Starting with the line that contains "Invasive ductal carcinoma", repeat exactly every line through the last one in the records below, and leave out the pictures.
Excerpted data below:
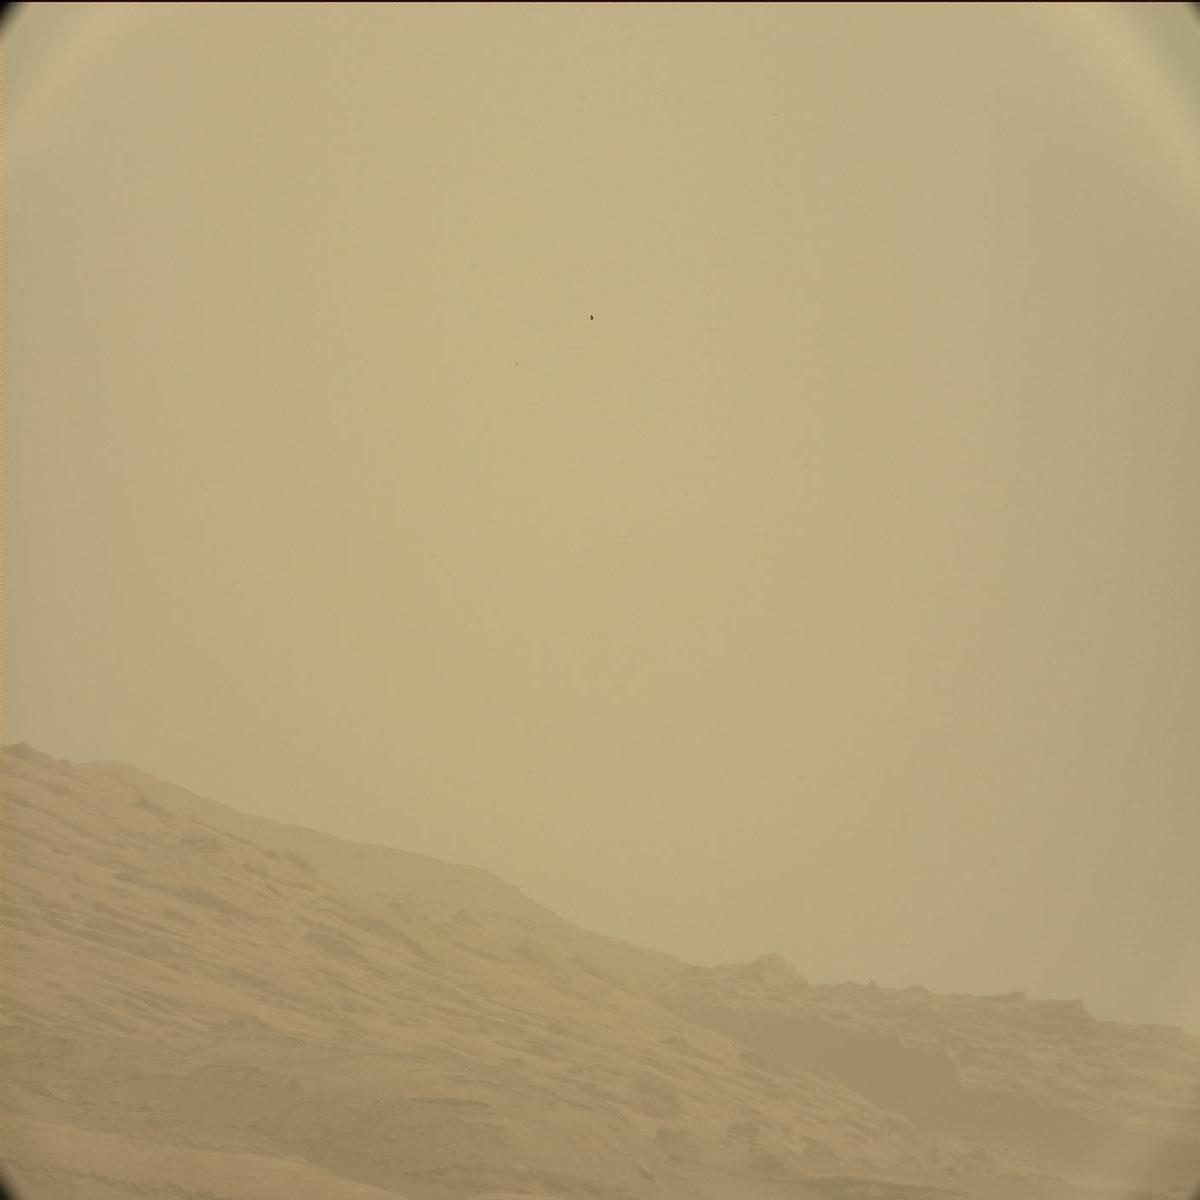
Terrain classes present: Ridge, Sky
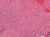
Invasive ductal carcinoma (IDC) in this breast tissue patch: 0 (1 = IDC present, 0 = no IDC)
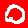
Digit: 0
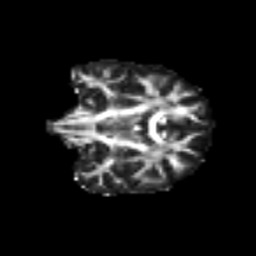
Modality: FA
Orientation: coronal
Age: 49
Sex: female
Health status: ill
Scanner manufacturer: siemens
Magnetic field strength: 3 T
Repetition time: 8.7 s
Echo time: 0.11 s
End of Excerpted data.
• Task solution
Invasive ductal carcinoma (IDC) in this breast tissue patch: 0 (1 = IDC present, 0 = no IDC)
Digit: 0
Modality: FA
Orientation: coronal
Age: 49
Sex: female
Health status: ill
Scanner manufacturer: siemens
Magnetic field strength: 3 T
Repetition time: 8.7 s
Echo time: 0.11 s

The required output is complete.